Manager is an API that has been in Asterisk for almost as long as Asterisk has existed. It provides a mechanism to see what is happening in Asterisk and to also cause things to happen. While the public facing API hasn’t undergone any radical changes since it came into existence the way it works internally has changed. It’s gone from an API that is intrinsically ingrained into the core and other parts to one that relies on queued generic messages that are then converted into AMI formatted messages. These generic messages are the same ones that are published to the Stasis message bus (discussed in previous blog posts). Manager has become a layer between Stasis and the outside world.
To function, manager creates an aggregation feed of all the interesting parts of Asterisk and subscribes to it. This provides a handy, serialized stream of messages about what is happening. Manager then takes these messages, converts them into the AMI format, and ensures they get to each session they should. This doesn’t seem out of the ordinary, but we received reports that the Stasis subscription it uses was getting backed up with a lot of pending messages. Not being able to easily explain what was going on, we sought to dig in and see what was up.

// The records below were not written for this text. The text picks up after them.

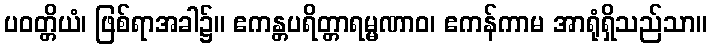
ပဝတ္တိယံ၊ ဖြစ်ရာအခါ၌။ ဧကန္တပရိတ္တာရမ္မဏာဝ၊ ဧကန်ကာမ အာရုံရှိသည်သာ။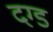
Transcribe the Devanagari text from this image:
दग्ड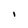
Character: i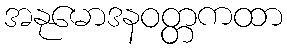
အနုမောဒနဝတ္တကထာ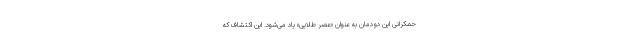
حمکرانی این دودمان به عنوان «عصر طلایی» یاد می‌شود. این اکتشاف که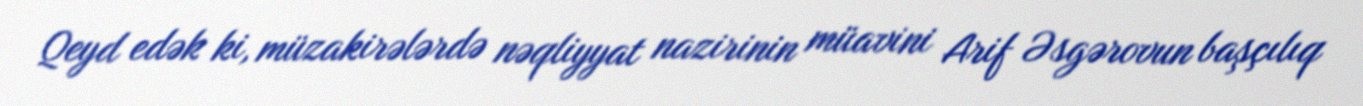
Qeyd edək ki, müzakirələrdə nəqliyyat nazirinin müavini Arif Əsgərovun başçılıq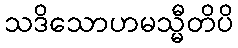
သဒိသောဟမသ္မီတိပိ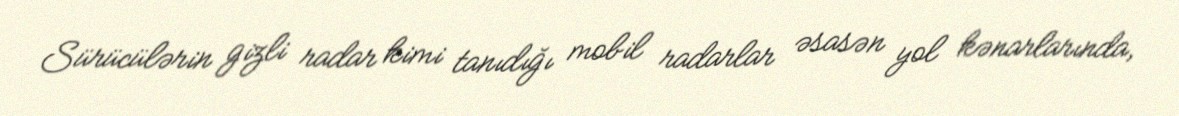
Sürücülərin gizli radar kimi tanıdığı mobil radarlar əsasən yol kənarlarında,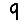
Digit: 9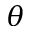
\theta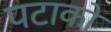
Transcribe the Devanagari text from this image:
पटाकों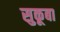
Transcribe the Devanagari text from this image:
सुकूबा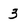
Character: 3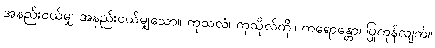
အနည်းငယ်မျှ အနည်းငယ်မျှသော။ ကုသလံ၊ ကုသိုလ်ကို။ ကရောန္တော၊ ပြုကုန်လျက်။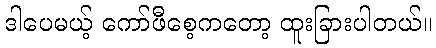
ဒါပေမယ့် ကော်ဖီစေ့ကတော့ ထူးခြားပါတယ်။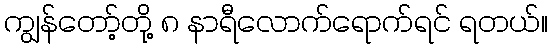
ကျွန်တော့်တို့ ၈ နာရီလောက်ရောက်ရင် ရတယ်။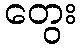
တွေး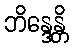
ဘိန္ဒေန္တိ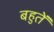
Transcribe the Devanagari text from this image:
बहुतें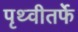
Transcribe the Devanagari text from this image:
पृथ्वीतर्फे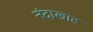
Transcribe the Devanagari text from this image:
नंदाखाट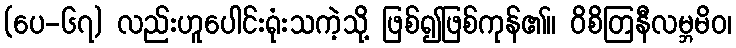
(ပေ-၆၇) လည်းဟူပေါင်းရုံးသကဲ့သို့ ဖြစ်၍ဖြစ်ကုန်၏။ ဝိစိတြနီလမ္ဘမိဝ၊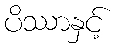
ပိဿာနှင့်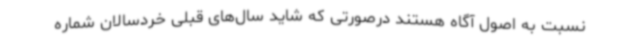
نسبت به اصول آگاه هستند درصورتی که شاید سال‌های قبلی خردسالان شماره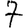
Digit: 7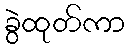
ခွဲထုတ်ကာ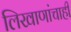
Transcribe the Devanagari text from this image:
लिखाणांचाही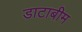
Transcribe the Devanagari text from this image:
डाटाबीम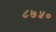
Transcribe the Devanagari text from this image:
८७५०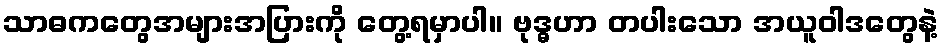
သာဓကတွေအများအပြားကို တွေ့ရမှာပါ။ ဗုဒ္ဓဟာ တပါးသော အယူဝါဒတွေနဲ့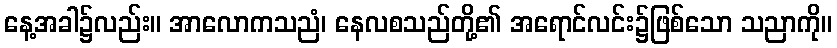
နေ့အခါ၌လည်း။ အာလောကသညံ၊ နေလစသည်တို့၏ အရောင်လင်း၌ဖြစ်သော သညာကို။

The primary idea, that many of us had, was that the messages that were being sent to each AMI session from the same thread, that handled the Stasis subscription, were causing a slowdown. After looking into things, this is not actually the case. Manager maintains a single shared queued of messages. Each session iterates through the queue at its own pace. Once all sessions are past a message, it is then freed and its resources released. This shared queue was done to reduce memory usage and work, as the information about its position in the queue can be held within the message itself. With each session instead having its own list, one would have to allocate additional data for each to store the message.
With the first idea not yielding any result, we dug in some more and did not immediately come up with any additional ideas to explain what we were seeing. It was only after a second look at the overall locking in Manager that an explanation presented itself. While the subscription thread was not sending the AMI messages out to each session, it was notifying the sessions that a new message was available. This action required holding the same lock that was held when doing the bulk of the work in the session thread; thus, blocking the subscription thread.
With an explanation found, we worked to resolve the problem. A new lock has been added to Manager, strictly for notifying the session that new messages are available. This means that the subscription thread is now minimally blocked on each session and can process things quickly. A single session being slow to send messages or process incoming messages will not impact any other sessions or the handling of messages.